Enemigo - Jiro Taniguchi
Nation
imaginaire d’Amérique Latine, le Nascencio a connu les affres de la dictature
et de la guerre civile. Apparemment pacifié et sur la voie de la modernisation,
ce pays a fait appel au groupe japonais Seshimo. Ce-dernier a pour tâche de
transformer la jungle en terres cultivables. Seulement, le président de cette
société, Yûji, est enlevé par des mercenaires visiblement hostiles à ces
travaux de grande envergure. C’est au grand frère de Yûji, Kenichi, simple
détective privé de New-York, d’enquêter sur ce kidnapping. Il n’aura pas
seulement à cœur de retrouver son frère, il lui faudra également enquêter sur les
parts d’ombre de cette affaire qui connaîtra son lot de rebondissements.
Jiro
Taniguchi est désormais bien connu à travers l’hexagone. Plus que ça, il est
devenu une véritable référence pour tous les amateurs de mangas matures,
intimistes et introspectifs.

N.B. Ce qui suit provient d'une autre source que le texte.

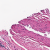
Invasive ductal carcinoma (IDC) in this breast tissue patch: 0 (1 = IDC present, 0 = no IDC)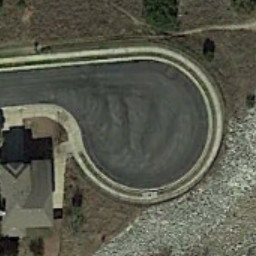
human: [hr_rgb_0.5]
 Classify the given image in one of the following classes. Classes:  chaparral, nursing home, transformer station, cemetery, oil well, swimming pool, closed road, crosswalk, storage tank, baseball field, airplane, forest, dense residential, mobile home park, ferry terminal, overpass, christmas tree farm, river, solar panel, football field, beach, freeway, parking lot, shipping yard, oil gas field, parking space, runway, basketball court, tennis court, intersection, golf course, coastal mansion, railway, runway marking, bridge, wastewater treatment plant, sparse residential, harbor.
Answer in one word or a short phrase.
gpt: closed road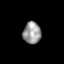
Tissue: lung
Cell type: Epithelial cells
Senescence score: 0.1659
Nuclear area (px): 385
Mean DAPI intensity: 151.868
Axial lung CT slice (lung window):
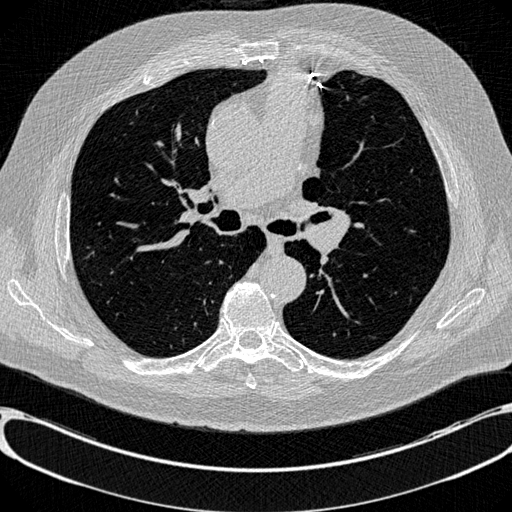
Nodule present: no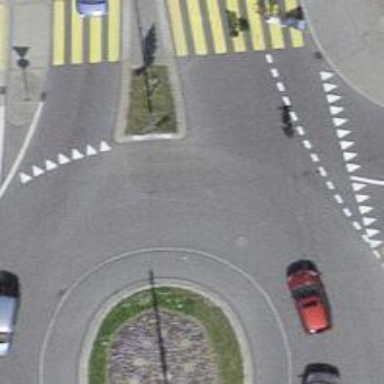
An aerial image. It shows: Primary highway with asphalt surface leading to roundabout. Trolley wire is present along the route.

Le journal
de mon père ou Quartier Lointain
(qui, outre le fait d’avoir été primé à Angoulême en 2003, a fait l’objet d’une
adaptation cinématographique par Sam Garbarski) paraissent comme étant les
œuvres les plus représentatives de ce que Taniguchi fait de mieux en la
matière.
Enemigo rompt clairement avec ce type de production. Il
s’agit là d’une œuvre de jeunesse dans laquelle le mangaka a simplement assuré
le dessin. La responsabilité du scénario est revenue, quant à elle, à M.A.T.,
un groupe de scénaristes énigmatique, si l’on en croit l’auteur d’Au temps de Botchan. Initialement, Enemigo est paru dans la revue Play Comic entre le 6 décembre 1984 et
le 25 avril 1985 (soit quelques années avant qu’Ozamu Tezuka ne situe lui aussi
l’action de son manga « Gringo » en Amérique Latine) au pays du
soleil levant.
Avec
Enemigo on se trouve en présence d’un manga surprenant et très éloigné des
productions plus récentes de Taniguchi. Bien plus inspiré par la bande-dessinée
occidentale (même s’il emprunte la figure du héros à l’américaine, Taniguchi
confesse avoir été fortement inspirée par la bande-dessinée franco-belge) mais
également par le cinéma d’action, ce manga d’aventure-action, comme le qualifie
le dessinateur lui-même. Taniguchi y recycle allègrement le héros icônique tombeur
de ces dames, capable de venir à bout de tout un escadron à lui seul. Kenichi
est ce héros aux réminiscences nostalgiques et aux muscles saillants. Ajoutons
à cela qu’il a fait le Vietnam et il sera impossible pour le lecteur de ne pas
faire le rapprochement avec un certain John Rambo.
On
est bien loin de L’homme qui marche,
mais comme le note Nicolas Finet en postface, il faut bien reconsidérer
chronologiquement Enemigo au sein de
l’œuvre de Jiro Taniguchi. Et même s’il jure avec cette-dernière, il n’en
demeure pas moins un très bon manga. On se laisse prendre au jeu sans mal, au
sein de ce condensé d’action et de complot, le tout mâtiné des quelques effets
humoristiques et dramatiques (nécessaires aux blockbusters hollywoodiens).
Enrichi de quelques artworks et de documents permettant de mieux cerner la
genèse de ce manga (notamment un entretien avec Taniguchi), Casterman compte,
avec « Enemigo », une nouvelle œuvre phare à sa collection Sakka.